===== Excerpted records
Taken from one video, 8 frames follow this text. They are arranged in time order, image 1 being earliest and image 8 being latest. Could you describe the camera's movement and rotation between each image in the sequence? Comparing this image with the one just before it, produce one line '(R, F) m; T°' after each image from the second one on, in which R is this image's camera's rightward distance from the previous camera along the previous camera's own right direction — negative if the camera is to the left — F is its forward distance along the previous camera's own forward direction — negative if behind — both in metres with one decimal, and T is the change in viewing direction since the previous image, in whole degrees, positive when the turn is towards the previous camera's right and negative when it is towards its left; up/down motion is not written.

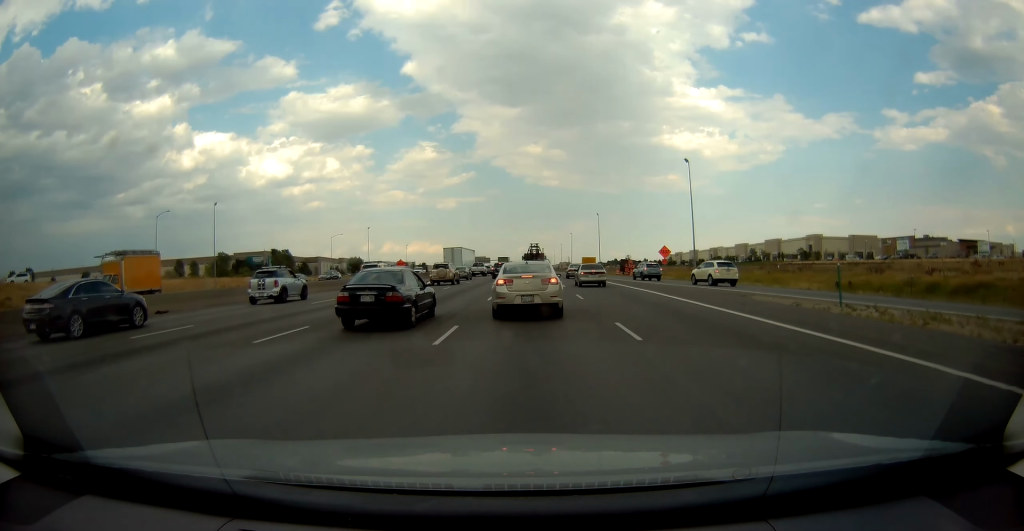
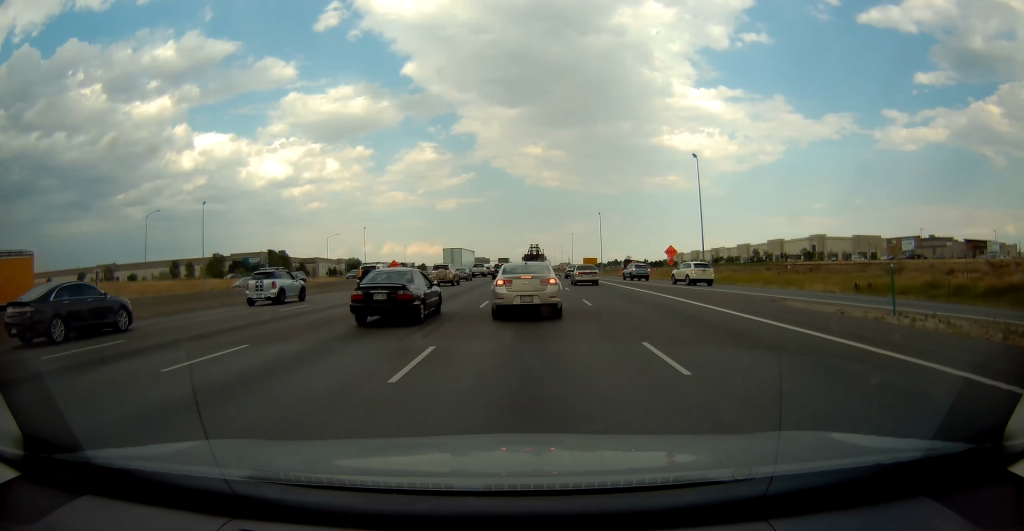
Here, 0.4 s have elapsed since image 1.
(0.0, +3.2) m; 0°
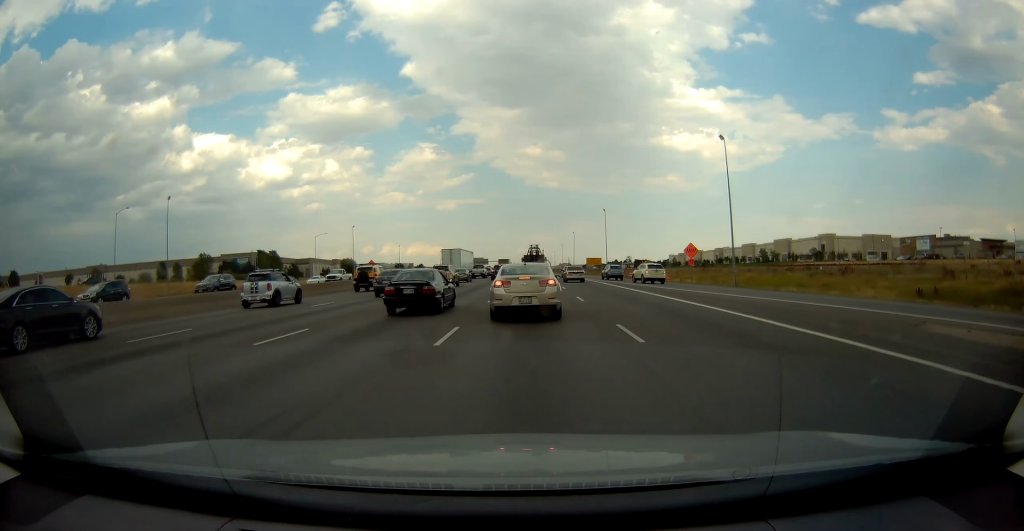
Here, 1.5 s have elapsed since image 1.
(0.0, +8.8) m; 0°
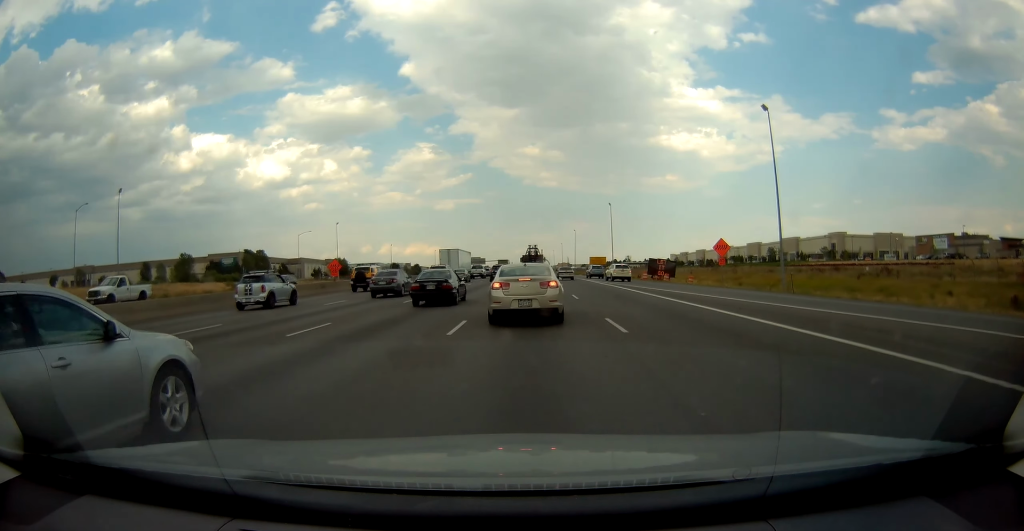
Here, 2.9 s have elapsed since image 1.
(0.0, +10.0) m; 0°
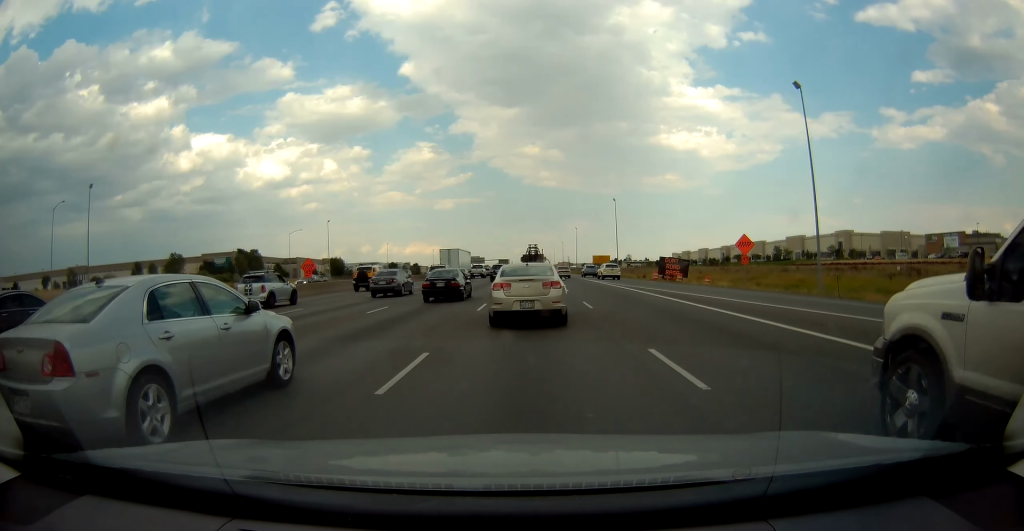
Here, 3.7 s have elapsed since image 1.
(0.0, +5.5) m; -1°
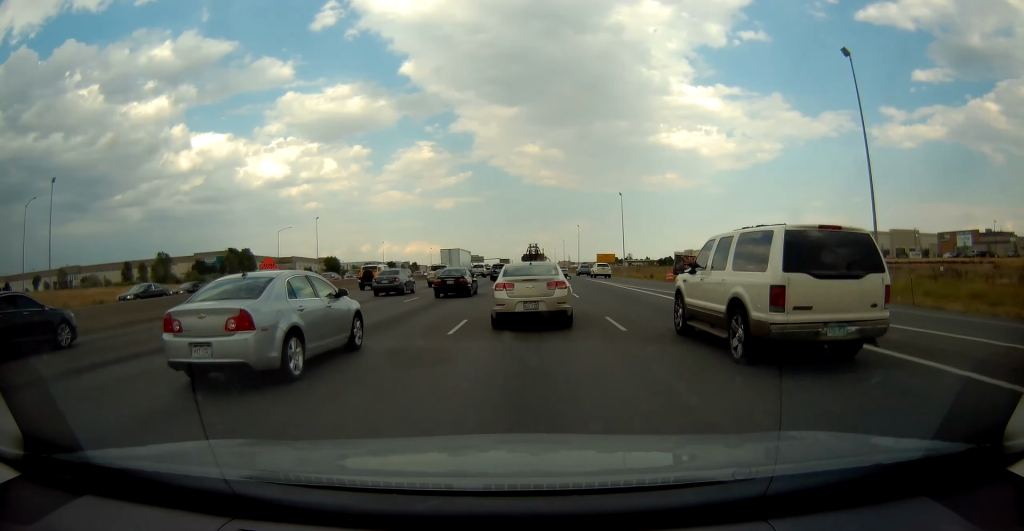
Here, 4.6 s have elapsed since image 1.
(-0.2, +6.5) m; 0°
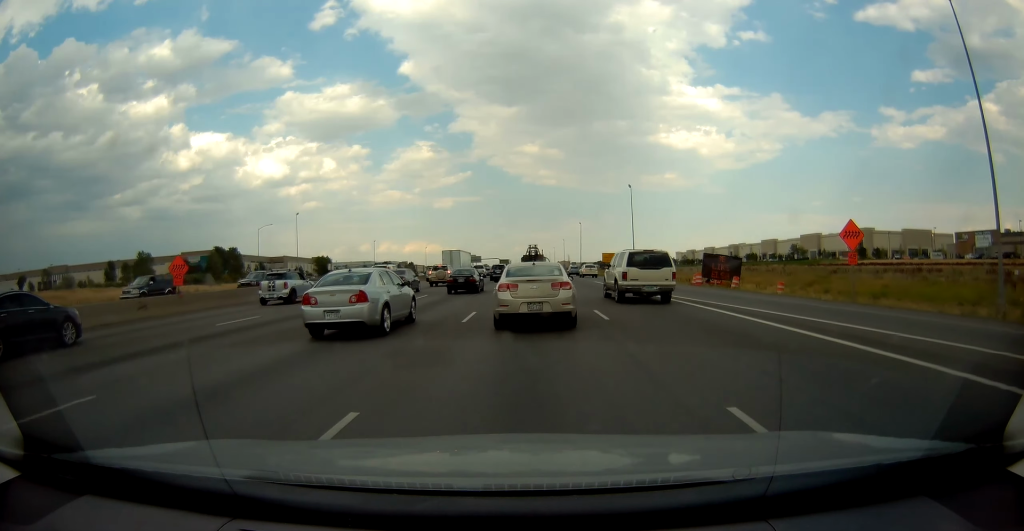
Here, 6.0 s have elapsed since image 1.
(+0.2, +9.4) m; +1°
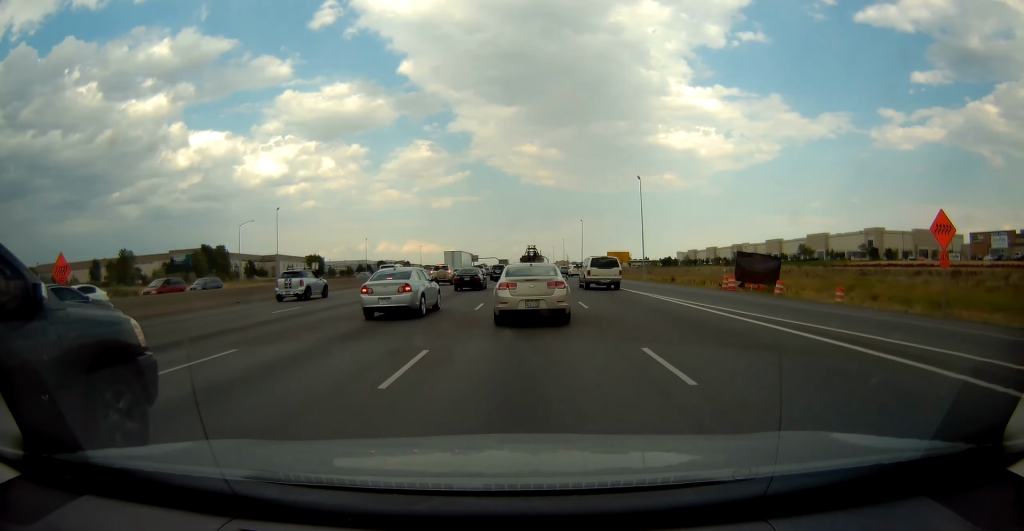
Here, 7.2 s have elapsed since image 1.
(0.0, +7.6) m; +1°
==========
Instructions for the task: Your copy should hold only the lines running from the one that contains "Here, 6.0 s have elapsed since image 1." through the final line of the data; transcribe them exactly, both ends included, and leave pictures out.

Solution for this exercise:
Here, 6.0 s have elapsed since image 1.
(+0.2, +9.4) m; +1°
Here, 7.2 s have elapsed since image 1.
(0.0, +7.6) m; +1°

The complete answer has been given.